Most external parts which are not needed also have been removed (lights, abs sensors, A/C - except heater and compressor). 

The car is from Japan and imported to Australia. It came with an Electronic Tolling system which seemed to be hard spliced into the stock wiring looms. Does anyone have experience with removing that system?


----------



## matthew.stead (Jun 8, 2020)

Some more progress over the weekend. 

At the start:









Lifting the motor. The drive shaft joints (CV's??) "pulled out" from the gearbox. I won't be using the gearbox so not an issue if I have damaged them. 









Lowering the battery. Note the furniture dolley's under the timber supports. 3 jack points. 









Battery out. I actually pulled it out frontwards after jacking the front of the car. It is on furniture dolley's. 









Engine bay wiring loom (very carefully labelling before removal). I can probably remove a few extra bits. 

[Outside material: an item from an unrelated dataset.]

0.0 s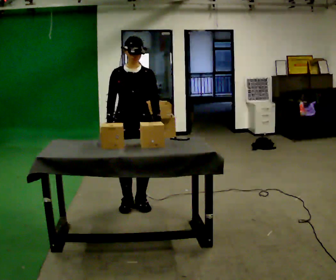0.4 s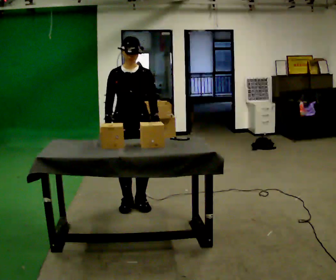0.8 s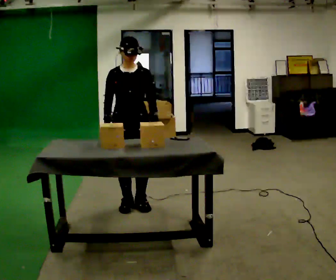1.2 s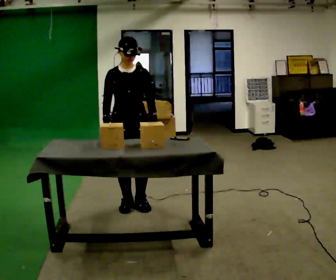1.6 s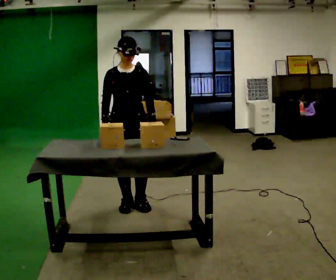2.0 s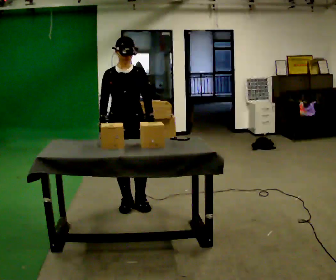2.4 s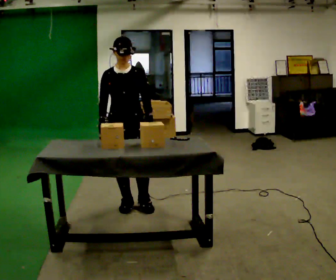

Finally bits & pieces that will need to go into the BMW 2002. I have the body wiring loom in the box on the left and engine bay wiring on the right. Also the A/C compressor, brakes & dash components (including gear selector). I will try to reuse the brake booster if I can. The A/C compressor will need to go.


----------



## matthew.stead (Jun 8, 2020)

After removing the gearbox I thought I would try a test fit of the motor. 










It is a very tight fit.









Looking from above there is plenty of room front & back - but the steering box & water pipes are almost clashing. 
















View from below. The old gearbox will bolt-on. The motor is sitting on the old engine subframe. 









This is the most worrying angle. The charger cover sits up too high. I am pretty certain it will clash with the bonnet. I think I can lower the engine subframe to get a little bit of extra height.


----------



## brian_ (Feb 7, 2017)

matthew.stead said:


> The drive shaft joints (CV's??) "pulled out" from the gearbox. I won't be using the gearbox so not an issue if I have damaged them.


Yes, they are CV (constant-velocity) joints, and they normally pull out of the transaxle... but you have pulled them apart, leaving the stubs in the transaxle. These are of the tripod type. The transaxle should be fine, and even the joints and shafts may be okay if cleaned, repacked with grease, and reassembled with new boots.


----------



## Tremelune (Dec 8, 2009)

Nice. That thing looks great in there! Are you planning to fool the Leaf into thinking it's a Leaf? It's a somewhat all-or-nothing proposition.

I've had good luck using (clamped) metal elbows for the tight spots in the cooling...though you'll at least need room for the elbows.

For the PDC (the top box on the motor), you can gain some millis by pulling the cover off and replacing it with something thinner. one thought I had was to use the cover, but cut off the top so it was just over even with the highest electronics bit, then cover the whole thing back up with a simple piece of 2mm ABS plastic or aluminum. It doesn't hold coolant or anything; it's mainly there to keep out dirt and fingers. You could even angle it to slope with the hood if that makes the difference.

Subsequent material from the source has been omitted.